Расползшаяся бумажная кучка создавала видимость некоего успеха. Не хотелось думать, что состоит она на самом деле из месячной зарплаты сценариста какого-нибудь имбецильнейшего сериального «мыла» от какой-нибудь «Амедии» и что это — единственный мой доход за последние полгода. Ведь и купе мне, разумеется, проставил продюсер — за свой-то счет я, если что, трясусь на автобусе, вылезая глухой ночью со всеми вещами на обеих границах и маясь в очереди на таможенный рентген…

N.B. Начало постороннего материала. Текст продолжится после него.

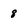
Character: 8
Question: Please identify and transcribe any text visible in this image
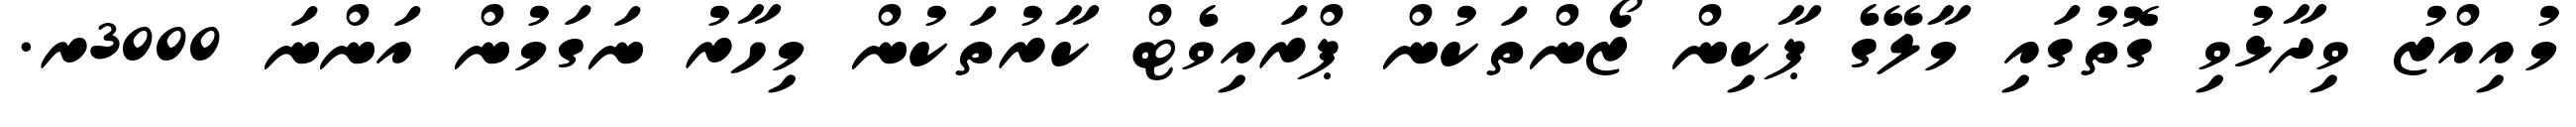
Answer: މުއިއްޒު ވިދާޅުވި ގޮތުގައި މާލޭގެ ޕާކިން ޒޯންތަކުން ޕްރައިވެޓް ކާރުތަކުން މިހާރު ނަގަމުން އަންނަ 3000ރ.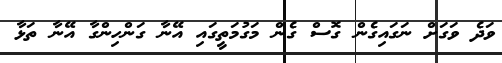
ވަދެ ވަގަށް ނަގައިގެން ގޮސް ގެން މަގުމަތީގައި އޭނާ ގަންހިންގާ އޭނާ ތަޅާ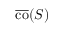
{ \overline { { \operatorname { c o } } } } ( S )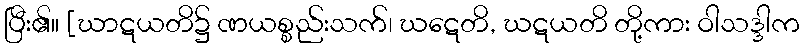
ပြီး၏။ [ဃာဋယတိ၌ ဏယစ္စည်းသက်၊ ဃဋေတိ, ဃဋယတိ တို့ကား ဝါသဒ္ဒါက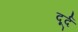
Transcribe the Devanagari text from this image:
दूर्द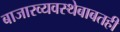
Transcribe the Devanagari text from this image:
बाजारव्यवस्थेबाबतही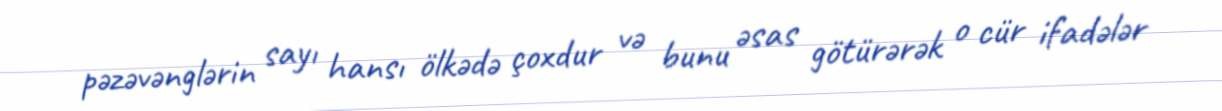
pəzəvənglərin sayı hansı ölkədə çoxdur və bunu əsas götürərək o cür ifadələr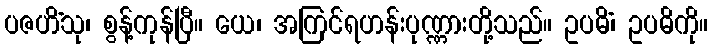
ပဇဟိံသု၊ စွန့်ကုန်ပြီ။ ယေ၊ အကြင်ရဟန်းပုဏ္ဏားတို့သည်။ ဥပဓိံ၊ ဥပဓိကို။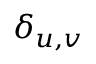
\delta _ { u , v }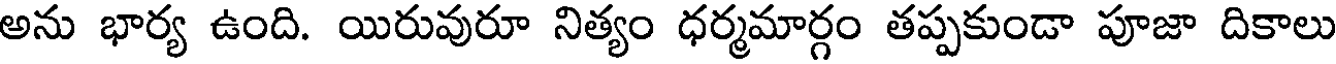
అను భార్య ఉంది. యిరువురూ నిత్యం ధర్మమార్గం తప్పకుండా పూజా దికాలు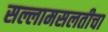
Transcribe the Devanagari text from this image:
सल्लामसलतीचा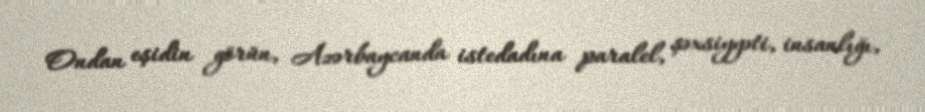
Ondan eşidin görün, Azərbaycanda istedadına paralel, şəxsiyyəti, insanlığı,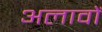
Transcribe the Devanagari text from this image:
अलावों

Ладно. Тщеславие вон тешь…
Живо вспомнились позавчерашние «Пироги»: в предпоследний свой московский день пришлось мне отбывать пиар-повинность — «Вагриус» устроил презентацию «Чучхи» в подвале на Никольской. Вообще из всех такого рода мероприятий больше я люблю только сидение в книжных магазинах. А если, как позавчера, еще и отрывки вслух заставят читать, чувствуешь себя окончательным клоуном…

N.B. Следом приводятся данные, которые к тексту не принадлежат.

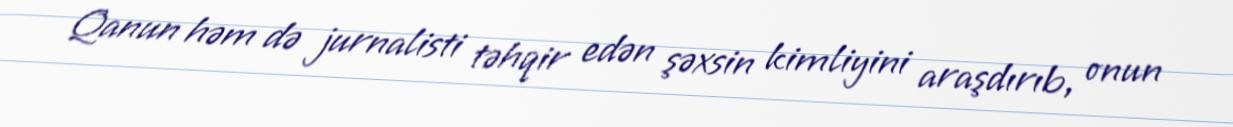
Qanun həm də jurnalisti təhqir edən şəxsin kimliyini araşdırıb, onun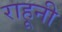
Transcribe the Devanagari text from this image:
राहूनी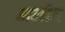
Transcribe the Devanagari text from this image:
अलीद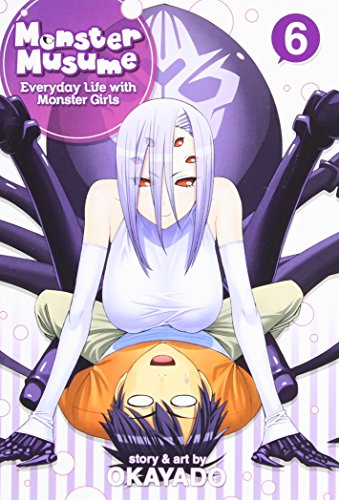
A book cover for Monster Musume Vol. 6; OKAYADO; Comics & Graphic Novels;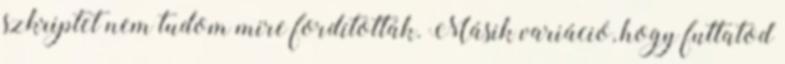
szkriptet nem tudom mire fordították. Másik variáció, hogy futtatod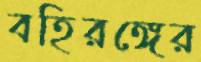
বহিরঙ্গের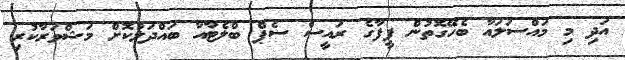
އަދި މި މައްސަލައާ ބެހޭގޮތުން ފީފާގެ ރައީސް ސެޕް ބްލެޓާއާ ބައްދަލުކޮށް މަޝްވަރާކުރި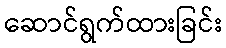
ဆောင်ရွက်ထားခြင်း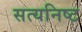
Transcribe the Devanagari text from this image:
सत्यनिष्ट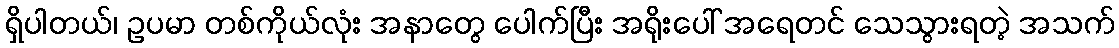
ရှိပါတယ်၊ ဥပမာ တစ်ကိုယ်လုံး အနာတွေ ပေါက်ပြီး အရိုးပေါ် အရေတင် သေသွားရတဲ့ အသက်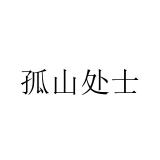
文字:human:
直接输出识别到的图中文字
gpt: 孤山处士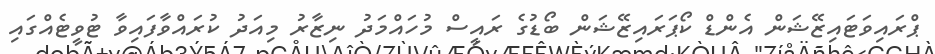
ޕްރައިވަޓައިޒޭޝަން އެންޑް ކޯޕަރައިޒޭޝަން ބޯޑުގެ ރައީސް މުހައްމަދު ނިޒާރު މިއަދު ކުރައްވާފައިވާ ޓުވީޓެއްގައި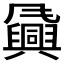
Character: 𬲈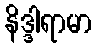
နိဒ္ဒါရာမာ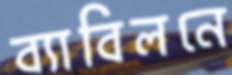
ব্যাবিলনে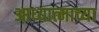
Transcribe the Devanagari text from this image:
आध्यात्माच्या
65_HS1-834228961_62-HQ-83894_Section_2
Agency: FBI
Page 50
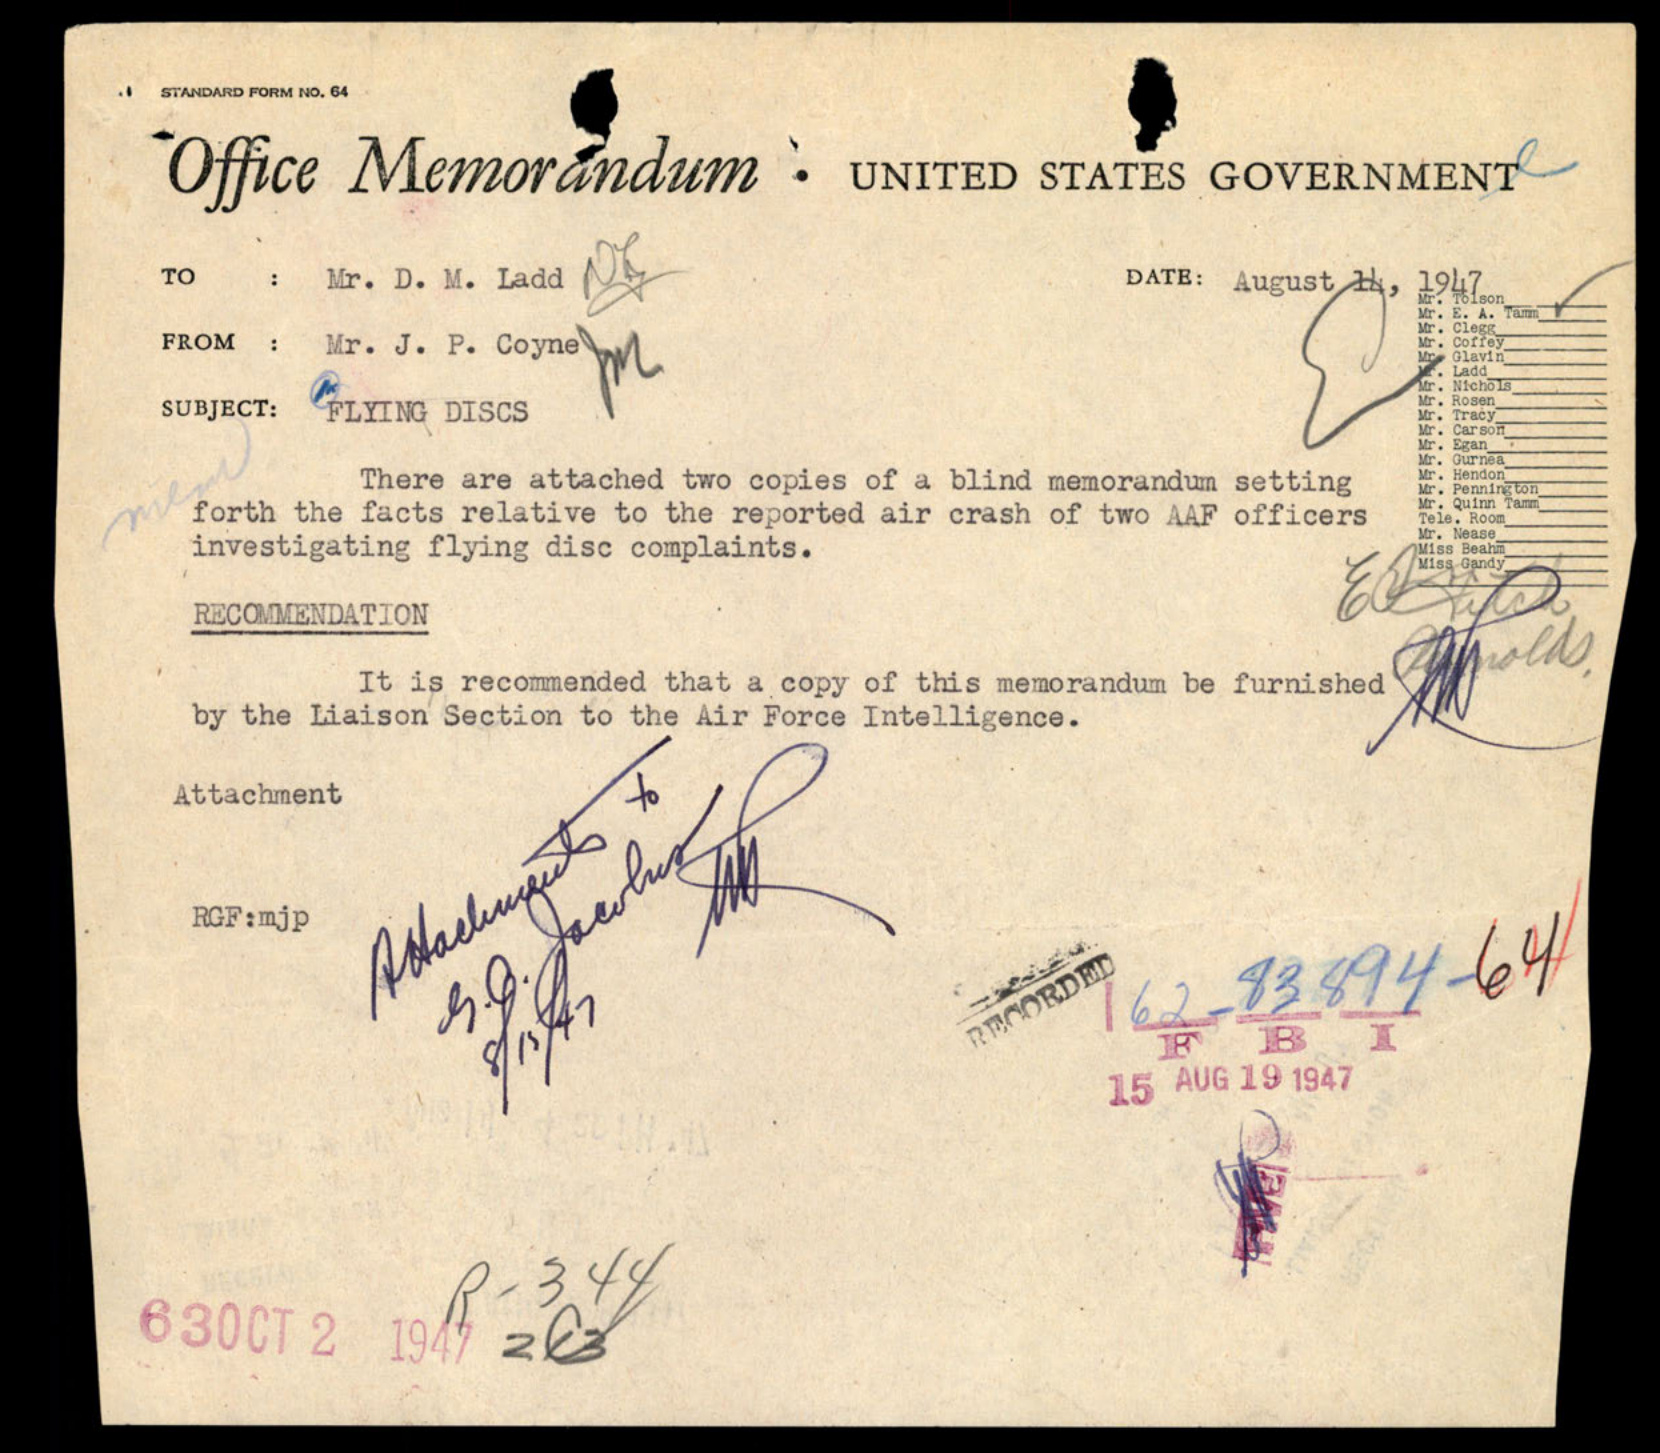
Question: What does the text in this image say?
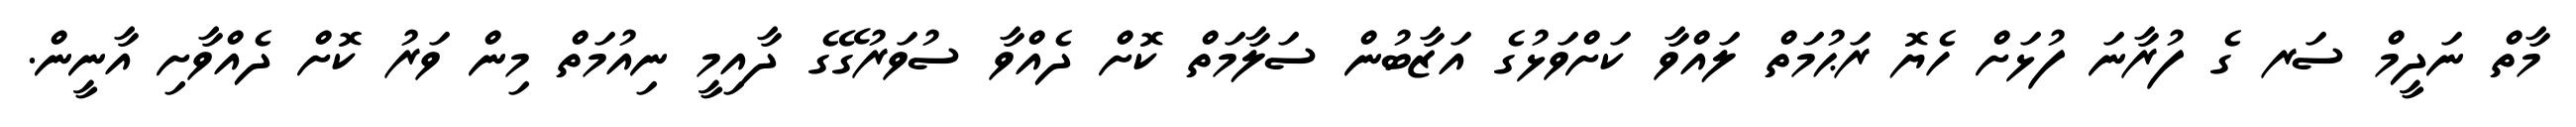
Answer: މާތް ނަދީމް ސަރ ގެ ފުރާނަ ފުޅަށް ހެޔޮ ރަޙުމަތް ލައްވާ ކަށްވަޅުގެ އަޒާބުން ސަލާމަތް ކޮށް ދެއްވާ ސުވަރުގޭގެ ދާއިމީ ނިއުމަތް މިން ވަރު ކޮށް ދެއްވާށި އާނީން.

Отдельная прелесть презентаций — контингент. В клубы по такому поводу приходит обычно народ трех категорий: твои знакомые, которых ты сам же и пригласил, иногда братья-журналисты и сумасшедшие. Трехнутые. Те, кто полагает себя причастным искусств, в данном случае изящной словесности, вообще тянутся ко всякой окололитературной варке. А презентация — это же зачастую еще и халявная выпивка… И добро б они ограничивались бухлом-закусью — нет ведь, обязательно затеют общаться. Так что рано или поздно ты непременно оказываешься с опустошенным стопарем в руке и кривой улыбочкой на роже лицом к лицу с очередным исповедующимся (или проповедующим) графоманом…
В этих «Пирогах», когда казенная водка уже кончалась и спонтанное общение шло вовсю, меня зажал в углу такой вот «коллега» — Антон, что ли: волосы на лоб, глазки азартные, с лица не сползает заговорщицкая улыбочка. Речь его была столь же темпераментна, сколь невнятна артикуляция: он дико шепелявил, торопился, захлебывался, так что понимал я его с пятого на десятое, как говорящего, допустим, по-украински… Разобрал, что мне задвигают про связь литературы с жизнью — мол, чего выдумывать сюжеты, когда они буквально под ногами валяются, да такие, что любая фантазия спасует. И что-то там про своих знакомых, какие с ними странные вещи творятся, какие они сами по себе странные и как все это в книжку просится. Ну вот и напиши, говорю, позовешь тогда меня на презентацию…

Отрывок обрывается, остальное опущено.